The short-term focus really has to be on making the technology as useful as it can be.
Once the technology gets closer to that 95% accuracy mark, the key test will be whether novelty use turns into habit. The fact that over 600,000,000 visual searches take place on Pinterest each month suggests we are quickly reaching that point.
It also has to be easy to access visual search, because the moments in which we want to use it can be quite fleeting.
From there, it will be possible for retailers, search engines, and social media platforms like Instagram and Pinterest to build out their advertising products.
As with any innovation, there is a point of critical mass that needs to be reached, but we are starting to see that with voice search and the monetization of visual search sits rather more naturally, I think.
We want to understand the world around us and we want to engage with new ideas; images are the best way to do this, but they are also a difficult form of communication.
Our culture is majoritively visual and has been for some time. We need only look at the nature of ads over the past century; text recedes as imagery assumes the foreground in most instances.
Whether the Lens technologies are an end in themselves or just a stage in the development of visual search, we can’t be sure. There may be entirely new technologies that sit outside smartphones in the future, but image recognition will still be central.
I would still encourage all marketers to embrace a trend that only looks likely to gather pace.
Visual search is still quite an abstract concept for most of us, so is there anything practical that marketers and SEOs can do to prepare for it? Is it possible to optimize for visual search just yet? If marketers want to try and keep ahead of the visual search curve, what would be the best way to do that?
Any time we are dealing with search, there will be a lot of theory and practice that can help anyone get better results. We just don’t have the shortcuts we used to.
When it comes to visual search, I would recommend:
- Read blogs like Pinterest engineering. It can seem as though these things work magically, but there is a clear methodology behind visual search
- Organize your presence across Instagram, Google, Pinterest. Visual search engines use these as hints to understand what each image contains.

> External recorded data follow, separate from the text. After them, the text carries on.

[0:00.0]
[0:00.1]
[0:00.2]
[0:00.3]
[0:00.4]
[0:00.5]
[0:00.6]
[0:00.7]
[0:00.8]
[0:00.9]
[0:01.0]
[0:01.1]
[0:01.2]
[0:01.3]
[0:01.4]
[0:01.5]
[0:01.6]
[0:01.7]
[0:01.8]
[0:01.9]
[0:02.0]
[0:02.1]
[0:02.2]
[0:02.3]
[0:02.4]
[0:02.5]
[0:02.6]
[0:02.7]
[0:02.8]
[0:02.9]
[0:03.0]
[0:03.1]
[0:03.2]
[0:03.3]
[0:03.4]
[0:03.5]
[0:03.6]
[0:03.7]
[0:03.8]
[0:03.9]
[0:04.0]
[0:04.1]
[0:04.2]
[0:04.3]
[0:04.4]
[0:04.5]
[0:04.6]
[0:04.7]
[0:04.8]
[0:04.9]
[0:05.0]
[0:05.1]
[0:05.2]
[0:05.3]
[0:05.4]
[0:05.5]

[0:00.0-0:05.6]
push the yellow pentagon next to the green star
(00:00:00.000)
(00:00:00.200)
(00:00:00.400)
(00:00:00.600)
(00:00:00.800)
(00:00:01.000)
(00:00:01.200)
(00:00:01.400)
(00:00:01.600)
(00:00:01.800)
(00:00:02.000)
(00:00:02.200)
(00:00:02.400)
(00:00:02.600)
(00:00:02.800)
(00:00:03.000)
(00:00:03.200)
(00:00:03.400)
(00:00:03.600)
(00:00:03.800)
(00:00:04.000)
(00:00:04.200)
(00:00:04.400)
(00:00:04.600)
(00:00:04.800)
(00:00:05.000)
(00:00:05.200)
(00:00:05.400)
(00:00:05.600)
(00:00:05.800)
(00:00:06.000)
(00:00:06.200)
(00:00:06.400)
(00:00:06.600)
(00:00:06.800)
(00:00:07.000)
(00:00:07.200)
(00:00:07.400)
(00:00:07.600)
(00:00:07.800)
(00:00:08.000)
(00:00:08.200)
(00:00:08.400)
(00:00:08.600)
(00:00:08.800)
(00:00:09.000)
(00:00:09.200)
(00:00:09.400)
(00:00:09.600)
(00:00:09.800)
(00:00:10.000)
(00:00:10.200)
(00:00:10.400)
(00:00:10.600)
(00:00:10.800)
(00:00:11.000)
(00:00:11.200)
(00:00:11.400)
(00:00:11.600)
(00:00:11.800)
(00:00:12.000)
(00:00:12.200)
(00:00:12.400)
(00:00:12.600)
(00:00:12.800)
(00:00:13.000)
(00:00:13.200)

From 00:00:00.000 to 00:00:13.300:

- Follow the traditional image search best practices.
- Analyze your own results. Look at how your images perform and try new colors, new themes. Results will be evermore personalized, so there isn’t a blanket right or wrong
- Consider how your shoppable images might surface. You either want to be the item people search for or the logical next step from there. Look at your influencer engagements and those of your competitors to see what tends to show up
- Engage directly with creative teams. Search remains a data-intensive industry and always will be, but this strength is now merging with the more creative aspects. Search marketers need to be working with social media and brand to make the most of visual search
- Make it easy to isolate and identify items within your pictures. Visual search engines have a really tough job on their hands; don’t make it harder for them
- Use a consistent theme and, if you use stock imagery, adapt it a bit. Otherwise, the image will be recognized based on the millions of other times it has appeared
- Think about how to optimize your brick-and-mortar presence. If people use products as the stimulus for a search, what information will they want to know? Price, product information, similar items, and so on. Then ensure that you are optimized for these. Use structured data to make it easy for a search engine to surface this information. In fact, if there’s one thing to focus on for visual search right now, it is structured data.